TASK DIRECTIONS:
Search the material for the word "clipPath" and report each line where it turns up.
★ ★ ★ ★ ★
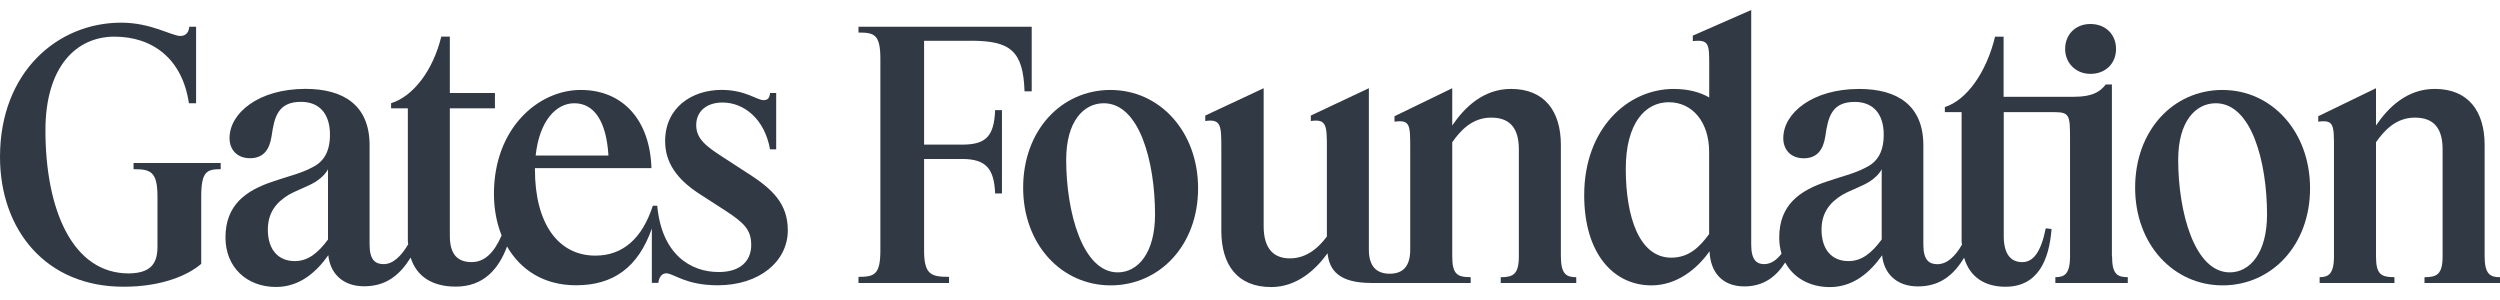<svg width="250" height="30" viewBox="0 0 250 30" fill="none" xmlns="http://www.w3.org/2000/svg">
<g clip-path="url(#clip0_532_54709)">
<path d="M248.463 25.631V14.494C248.463 11.112 246.822 8.891 243.475 8.891C240.71 8.891 238.828 10.734 237.6 12.547V8.822L231.825 11.622V12.169C233.397 11.962 233.397 12.475 233.397 14.869V25.631C233.397 27.441 232.816 27.715 231.963 27.715V28.297H239.444V27.715C238.113 27.715 237.6 27.444 237.6 25.631V14.222C238.419 13.059 239.581 11.762 241.494 11.762C243.406 11.762 244.26 12.856 244.26 14.941V25.634C244.26 27.444 243.678 27.719 242.45 27.719V28.3H250V27.719C249.044 27.719 248.463 27.447 248.463 25.634V25.631Z" fill="#313A44"/>
<path d="M222.26 8.994C217.306 8.994 213.513 13.059 213.513 18.765C213.513 24.472 217.372 28.537 222.26 28.537C227.147 28.537 231.006 24.541 231.006 18.834C231.006 13.128 227.147 8.997 222.26 8.997V8.994ZM222.978 27.237C219.46 27.237 217.819 21.225 217.819 15.962C217.819 12.137 219.563 10.325 221.578 10.325C225.131 10.325 226.703 16.131 226.703 21.462C226.703 25.287 224.994 27.237 222.978 27.237Z" fill="#313A44"/>
<path d="M211.191 25.631V8.447H210.575C209.994 9.2 209.21 9.678 207.397 9.678H200.36V3.666H199.506C198.653 7.219 196.672 10.019 194.485 10.703V11.216H196.16V23.856C196.16 24.062 196.16 24.3 196.194 24.472C195.544 25.6 194.725 26.419 193.735 26.419C192.916 26.419 192.335 26.009 192.335 24.472V14.531C192.335 10.534 189.738 8.894 185.913 8.894C181.231 8.894 178.328 11.319 178.328 13.812C178.328 15.009 179.113 15.828 180.378 15.828C181.71 15.828 182.325 14.975 182.531 13.641C182.803 11.694 183.181 10.191 185.469 10.191C187.347 10.191 188.372 11.422 188.372 13.469C188.372 15.347 187.619 16.269 186.528 16.781C185.435 17.363 184.069 17.669 182.703 18.147C180.003 19.034 177.922 20.469 177.922 23.75C177.922 24.331 178.003 24.872 178.153 25.366C177.666 26 177.091 26.413 176.419 26.413C175.669 26.413 175.122 26.003 175.122 24.466V1L169.281 3.562V4.109C170.922 3.938 170.922 4.416 170.922 6.569V9.747C170.035 9.234 168.872 8.894 167.369 8.894C162.756 8.894 158.419 12.856 158.419 19.519C158.419 25.325 161.322 28.538 165.15 28.538C167.644 28.538 169.694 26.931 170.956 25.122C171.025 27.137 172.153 28.641 174.441 28.641C176.341 28.641 177.61 27.681 178.519 26.247C179.35 27.794 180.991 28.709 182.981 28.709C185.406 28.709 187.081 27.137 188.21 25.531C188.381 27.275 189.575 28.641 191.797 28.641C194.019 28.641 195.385 27.478 196.41 25.772C196.991 27.753 198.528 28.675 200.544 28.675C203.791 28.675 204.916 26.009 205.156 22.9L204.575 22.831C204.097 25.188 203.344 26.212 202.219 26.212C201.094 26.212 200.375 25.428 200.375 23.616V11.216H205.5C207.003 11.216 207.003 11.625 207.003 14.016V25.631C207.003 27.441 206.422 27.716 205.535 27.716V28.297H212.778V27.716C211.753 27.716 211.206 27.444 211.206 25.631H211.191ZM170.913 23.409C169.956 24.706 168.897 25.766 167.122 25.766C163.944 25.766 162.578 21.734 162.578 16.884C162.578 12.306 164.525 10.222 166.881 10.222C169.238 10.222 170.913 12.203 170.913 15.175V23.409ZM188.166 23.956C187.175 25.288 186.185 26.109 184.853 26.109C183.144 26.109 182.153 24.913 182.153 22.966C182.153 21.325 182.938 20.266 184.238 19.481C185.228 18.934 186.15 18.663 186.972 18.15C187.588 17.741 187.997 17.297 188.169 16.919V23.956H188.166Z" fill="#313A44"/>
<path d="M209.041 7.387C210.578 7.387 211.603 6.328 211.603 4.894C211.603 3.459 210.578 2.4 209.041 2.4C207.503 2.4 206.513 3.494 206.513 4.894C206.513 6.294 207.572 7.387 209.041 7.387Z" fill="#313A44"/>
<path d="M156.088 25.631V14.494C156.088 11.112 154.447 8.891 151.1 8.891C148.335 8.891 146.454 10.734 145.225 12.547V8.822L139.45 11.622V12.169C141.022 11.962 141.022 12.475 141.022 14.869V24.981C141.022 26.691 140.238 27.372 138.972 27.372C137.707 27.372 136.888 26.687 136.888 24.981V8.822L131.082 11.556V12.103C132.688 11.862 132.688 12.581 132.688 14.869V23.65C131.904 24.709 130.707 25.837 128.997 25.837C127.288 25.837 126.366 24.778 126.366 22.625V8.822L120.525 11.556V12.103C122.132 11.862 122.132 12.581 122.132 14.869V23.069C122.132 26.484 123.738 28.706 127.119 28.706C129.647 28.706 131.525 27.031 132.757 25.325C132.929 27.069 133.954 28.297 137.129 28.297H147.069V27.715C145.738 27.715 145.225 27.444 145.225 25.631V14.222C146.044 13.059 147.207 11.762 149.119 11.762C151.032 11.762 151.885 12.856 151.885 14.941V25.634C151.885 27.444 151.304 27.719 150.075 27.719V28.3H157.625V27.719C156.669 27.719 156.088 27.447 156.088 25.634V25.631Z" fill="#313A44"/>
<path d="M111.062 8.994C106.109 8.994 102.315 13.059 102.315 18.765C102.315 24.472 106.175 28.537 111.062 28.537C115.95 28.537 119.809 24.541 119.809 18.834C119.809 13.128 115.95 8.997 111.062 8.997V8.994ZM111.778 27.237C108.259 27.237 106.619 21.225 106.619 15.962C106.619 12.137 108.362 10.325 110.378 10.325C113.931 10.325 115.503 16.131 115.503 21.462C115.503 25.287 113.794 27.237 111.778 27.237Z" fill="#313A44"/>
<path d="M97.09 4.075C101.018 4.075 102.318 5.065 102.453 9.131H103.171V2.675H85.85V3.256C87.421 3.256 88.037 3.428 88.037 5.887V25.053C88.037 27.478 87.421 27.684 85.85 27.684V28.3H94.903V27.684C93.128 27.684 92.409 27.478 92.409 25.053V15.897H96.2C98.59 15.897 99.412 16.853 99.512 19.347H100.196V11.012H99.512C99.409 13.644 98.59 14.462 96.2 14.462H92.409V4.078H97.09V4.075Z" fill="#313A44"/>
<path d="M74.884 17.397L72.253 15.687C70.612 14.628 69.622 13.878 69.622 12.509C69.622 11.14 70.647 10.253 72.253 10.253C74.372 10.253 76.456 11.859 77.003 14.934H77.619V9.297H77.003C76.969 9.775 76.797 10.015 76.353 10.015C75.703 10.015 74.544 8.99 72.15 8.99C69.213 8.99 66.513 10.734 66.513 14.115C66.513 16.269 67.709 17.94 69.928 19.378L72.525 21.053C74.403 22.284 75.122 22.965 75.122 24.503C75.122 26.04 74.097 27.203 71.875 27.203C69.041 27.203 66.169 25.428 65.725 20.575H65.281C64.222 23.853 62.275 25.562 59.541 25.562C55.816 25.562 53.494 22.35 53.494 16.953V16.815H65.144C65.006 12.034 62.309 8.994 58.072 8.994C53.834 8.994 49.394 12.819 49.394 19.378C49.394 20.875 49.656 22.29 50.163 23.544C49.397 25.3 48.438 26.209 47.172 26.209C45.737 26.209 44.984 25.425 44.984 23.578V10.834H49.494V9.297H44.984V3.659H44.131C43.278 7.109 41.297 9.637 39.109 10.322V10.834H40.784V23.85C40.784 24.056 40.784 24.259 40.819 24.431C40.134 25.594 39.316 26.412 38.359 26.412C37.541 26.412 36.959 26.003 36.959 24.465V14.525C36.959 10.528 34.362 8.887 30.538 8.887C25.856 8.887 22.953 11.312 22.953 13.806C22.953 15.003 23.738 15.822 25.003 15.822C26.334 15.822 26.95 14.969 27.156 13.634C27.428 11.687 27.806 10.184 30.094 10.184C31.972 10.184 32.997 11.415 32.997 13.462C32.997 15.34 32.244 16.262 31.153 16.775C30.059 17.356 28.694 17.662 27.328 18.14C24.628 19.028 22.547 20.462 22.547 23.744C22.547 26.75 24.7 28.697 27.603 28.697C30.028 28.697 31.703 27.125 32.831 25.519C33.003 27.262 34.197 28.628 36.419 28.628C38.641 28.628 40.006 27.465 41.066 25.759C41.681 27.74 43.353 28.662 45.575 28.662C48.372 28.662 49.875 26.884 50.706 24.647C52.047 26.987 54.391 28.528 57.6 28.528C61.359 28.528 63.819 26.719 65.184 22.856V28.287H65.834C65.869 27.878 66.106 27.331 66.619 27.331C67.372 27.331 68.531 28.528 71.778 28.528C75.947 28.528 78.781 26.137 78.781 23.028C78.781 20.362 77.244 18.928 74.888 17.39L74.884 17.397ZM57.428 10.325C59.444 10.325 60.641 12.169 60.844 15.553H53.566C53.941 12.034 55.65 10.325 57.425 10.325H57.428ZM32.797 23.956C31.806 25.287 30.816 26.109 29.484 26.109C27.775 26.109 26.784 24.912 26.784 22.965C26.784 21.325 27.569 20.265 28.869 19.481C29.859 18.934 30.781 18.662 31.603 18.15C32.219 17.74 32.628 17.297 32.8 16.919V23.956H32.797Z" fill="#313A44"/>
<path d="M13.356 16.919C15.031 16.919 15.747 17.125 15.747 19.653V24.709C15.747 26.519 14.894 27.306 12.912 27.341C7.241 27.375 4.544 20.953 4.544 13.025C4.544 6.672 7.619 3.666 11.444 3.666C15.269 3.666 18.241 5.888 18.891 10.328H19.609V2.675H18.925C18.891 3.222 18.584 3.597 18.038 3.597C17.184 3.597 15.1 2.266 12.128 2.266C5.741 2.263 0 7.216 0 15.691C0 22.969 4.578 28.706 12.4 28.672C16.125 28.672 18.788 27.544 20.122 26.384V19.653C20.122 17.125 20.703 16.919 22.069 16.919V16.303H13.356V16.919Z" fill="#313A44"/>
</g>
<defs>
<clipPath id="clip0_532_54709">
<rect width="250" height="30" fill="white"/>
</clipPath>
</defs>
</svg>
★ ★ ★ ★ ★
RESPONSE TO THE EXERCISE:
<clipPath id="clip0_532_54709">
</clipPath>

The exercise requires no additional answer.